Which is implied by “Whatever It Takes.”
Dipoto strikes me as a guy not especially vulnerable to impulse. If he were, ahead of the 2016 trade deadline, he wouldn’t have traded a quality major league pitcher, Mike Montgomery, for a young, unproven first baseman, Dan Vogelbach. I’ve written before the move probably the cost the Mariners a playoff spot because there was so much instability among pitchers (a club-record 31 were used).
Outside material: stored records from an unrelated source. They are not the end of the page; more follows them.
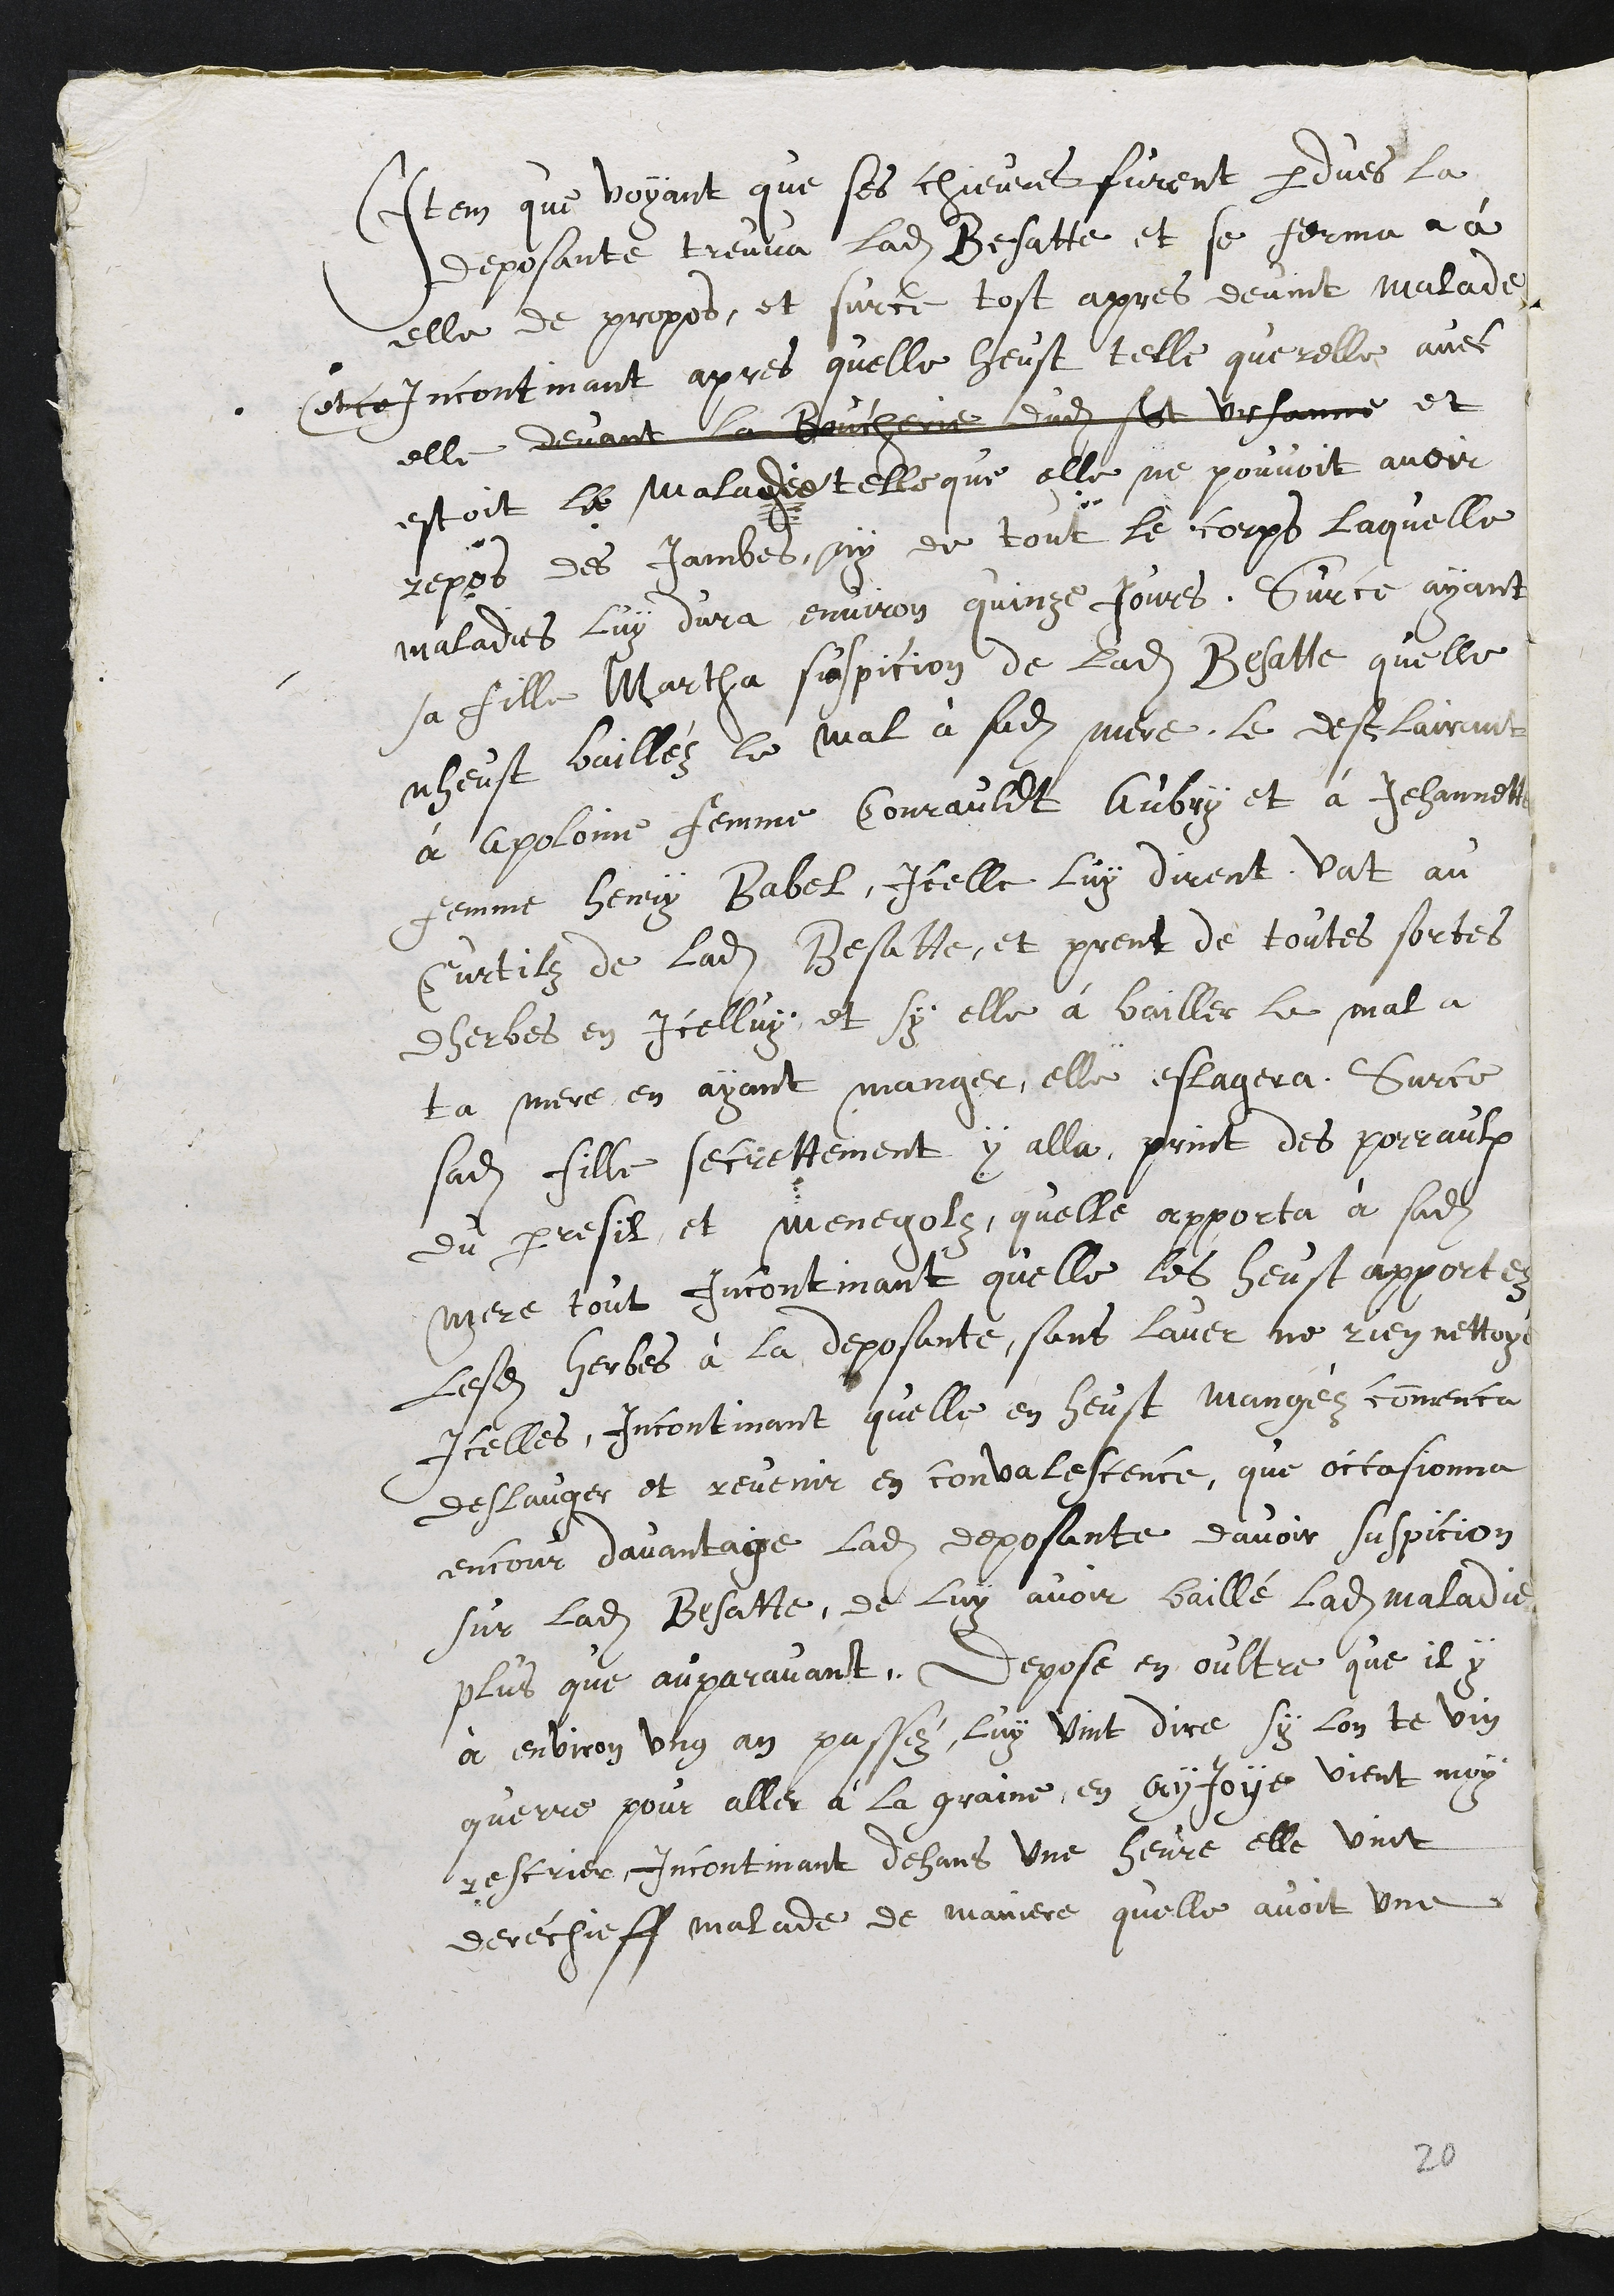
Item que voyant que ses chèvres furent perdues, la
déposante trouva ladite Bessat-te et se ferma à
elle de propos. Et sur ce, -tSt après devint malade,
et ce incontinent après qu'elle eut -telle querelle avec
elle, devant la Boucherie dudit St Ursanne et
était la maladie telle qu'elle ne pouvait avoir
repos des jambes, ni de tout le corps, laquelle
maladie lui dura environ quinze jours. Sur ce, ayant
sa fille Martha suspicion de la Bessatte qu'elle
n'eut baillé le mal à sadite mère. Le déclarant
à Apollonie, femme de Conraud Aubry, et à Jeannette,
femme d'Henri Babel. Icelles lui dirent : "Va au
curiil de ladite Bessatte, et prends de -toutes sortes
d'herbes en icelui, et si elle a baillé le mal à
ta mère, en ayant mangé, elle élagera". Sur ce,
sadite fille secrètement y alla, prit des poireaux,
du persil et menogols, qu'elle appor-ta à sadite
mère. Tout incontinent qu'elle les eut apportées
lesdi-tes herbes à la déposante, sans laver ni rien nettoyer,
icelles, incontinent qu'elle en eut mangé, commença
d'élagsr et revenir en convalescencB, qui occasionna
encore davantage ladite déposante d'avoir suspicion
sur ladite Bessatte de lui avoir baillé ladite maladie
plus qu'auparavant. Dépose en outre qu'il y
a environ un an passé, lui vint dire î "Si l'on te vient
quérir pour aller à la graine en A joie, viens-moi
récrier". Incontinent dans une heure, elle vint
derechef malade, de manière qu'elle avait une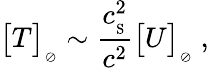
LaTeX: \big[T\big]_{_{\oslash}}\sim{\frac{c_{_\mathrm{S}}^{2}}{c^{2}}}\big[U\big]_{_{\oslash}}\ ,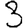
Digit: 3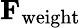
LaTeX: \mathbf{F}_{\mathrm{weight}}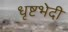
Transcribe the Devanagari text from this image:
धृष्टभेदी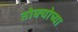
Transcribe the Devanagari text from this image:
तोक्योच्या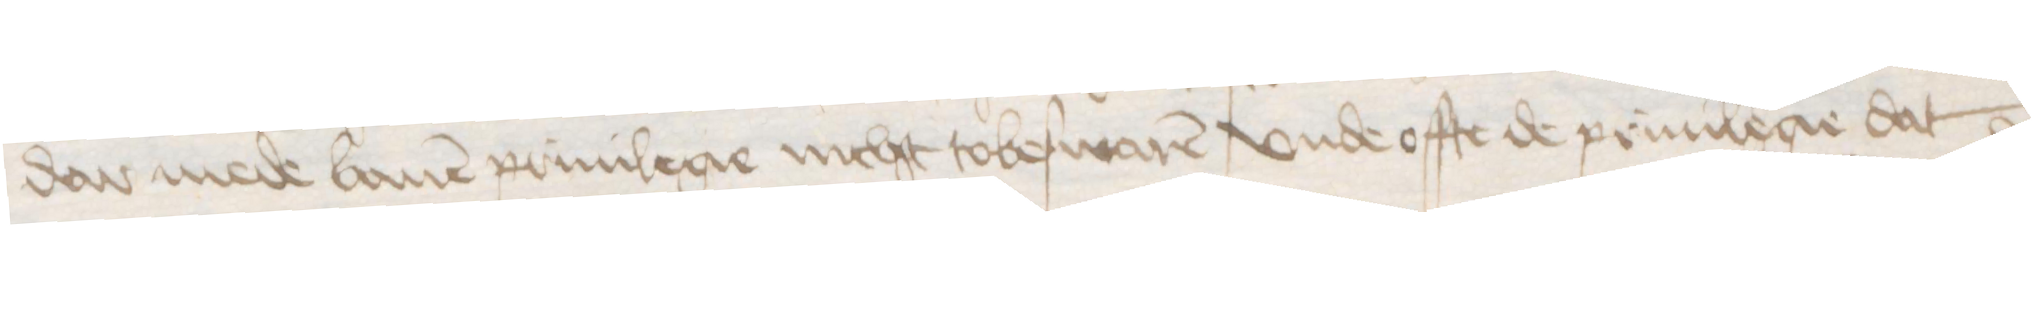
dar mede bauen priuilegie nicht tobeswaren vnde offte de priuilegie dat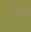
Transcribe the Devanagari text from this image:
सैशेम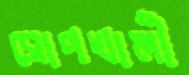
সোপখালী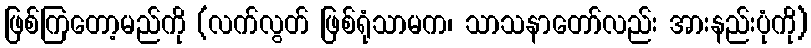
ဖြစ်ကြတော့မည်ကို (လက်လွတ် ဖြစ်ရုံသာမက၊ သာသနာတော်လည်း အားနည်းပုံကို)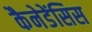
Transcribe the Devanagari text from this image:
कैनेडेंसिस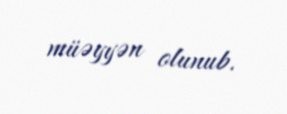
müəyyən olunub.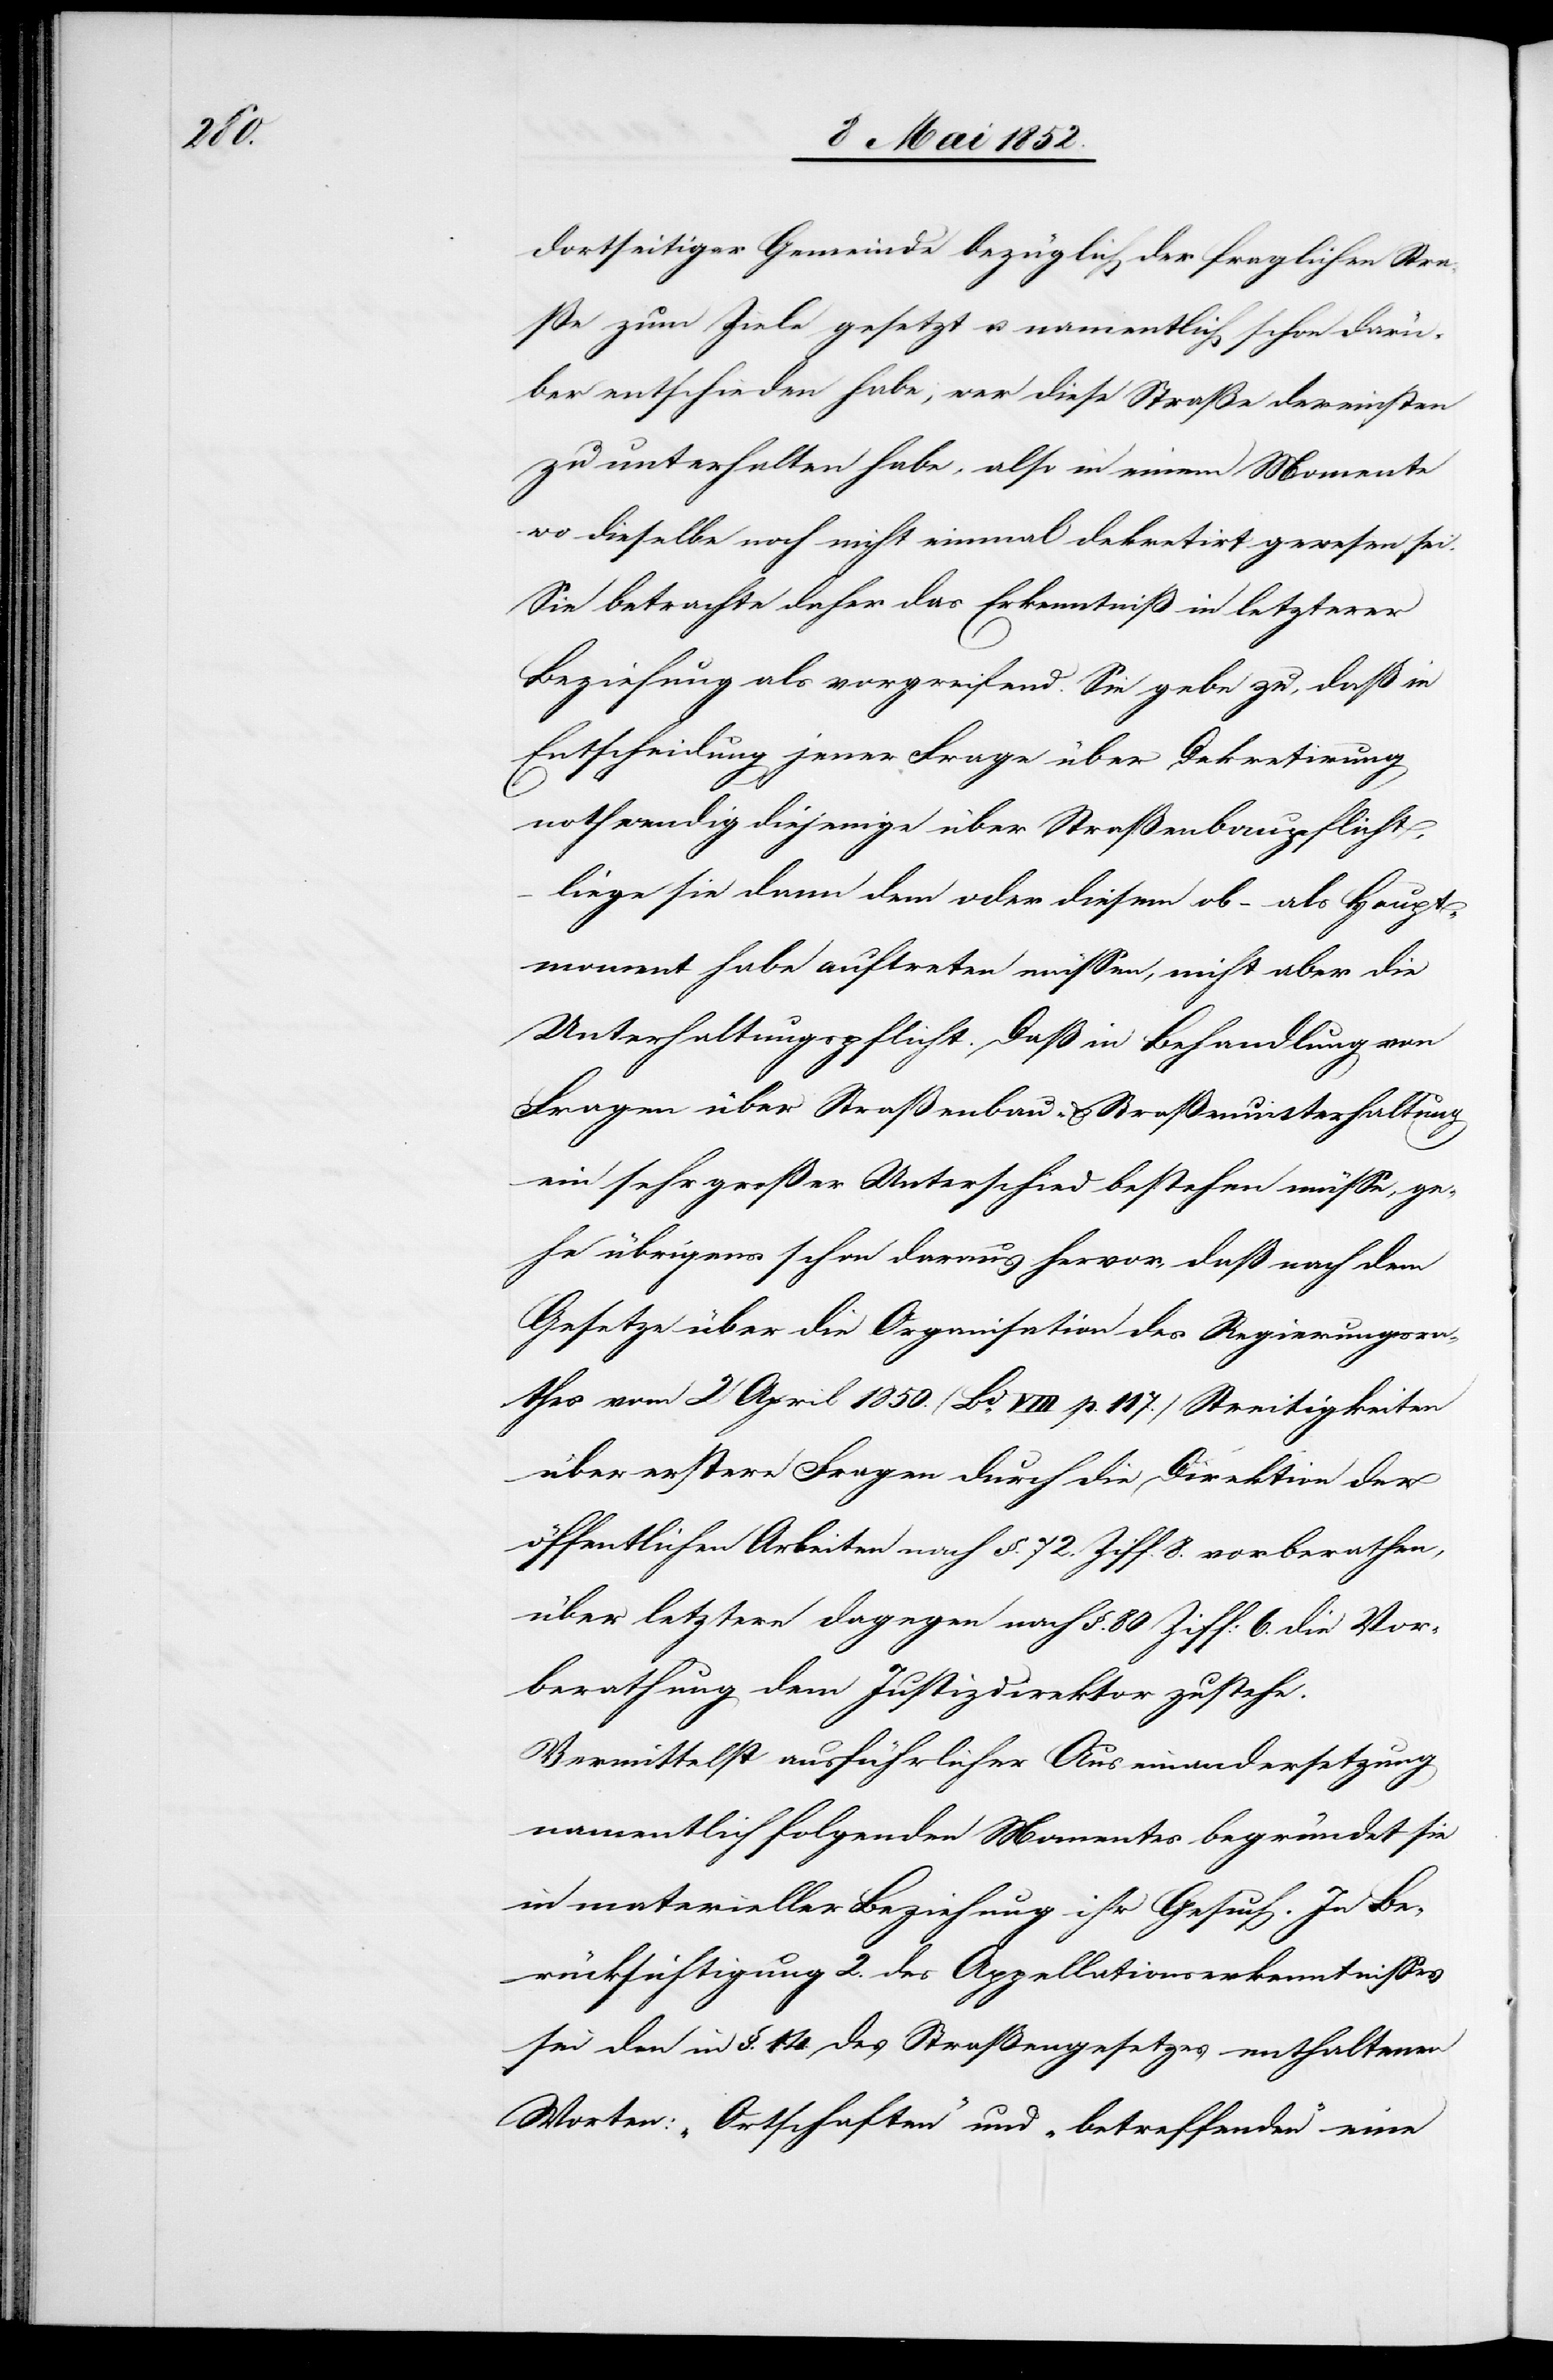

But if Vogelbach helps justify the deal with a solid platoon performance in 2017, the deal works. If he flops in his rookie season, then Dipoto is back to playing catch-up at a position he sought to settle with Vogelbach and Danny Valencia, 32, now with his seventh major league club because he can’t hit right-handed pitching.
Giving up a potential young star to fix first base would fulfill the “whatever it takes” slogan, but wouldn’t do anything for the future. Yes, it’s been 15 years since the playoffs, but Dipoto would be wise to ignore the clubhouse signage.
Mariners fans should hope the message isn’t for him. After 15 years, a 16th year would harm no one if unsentimental actions are the path to annual contention, as the Seahawks have established. Because this team has yet to know what it takes.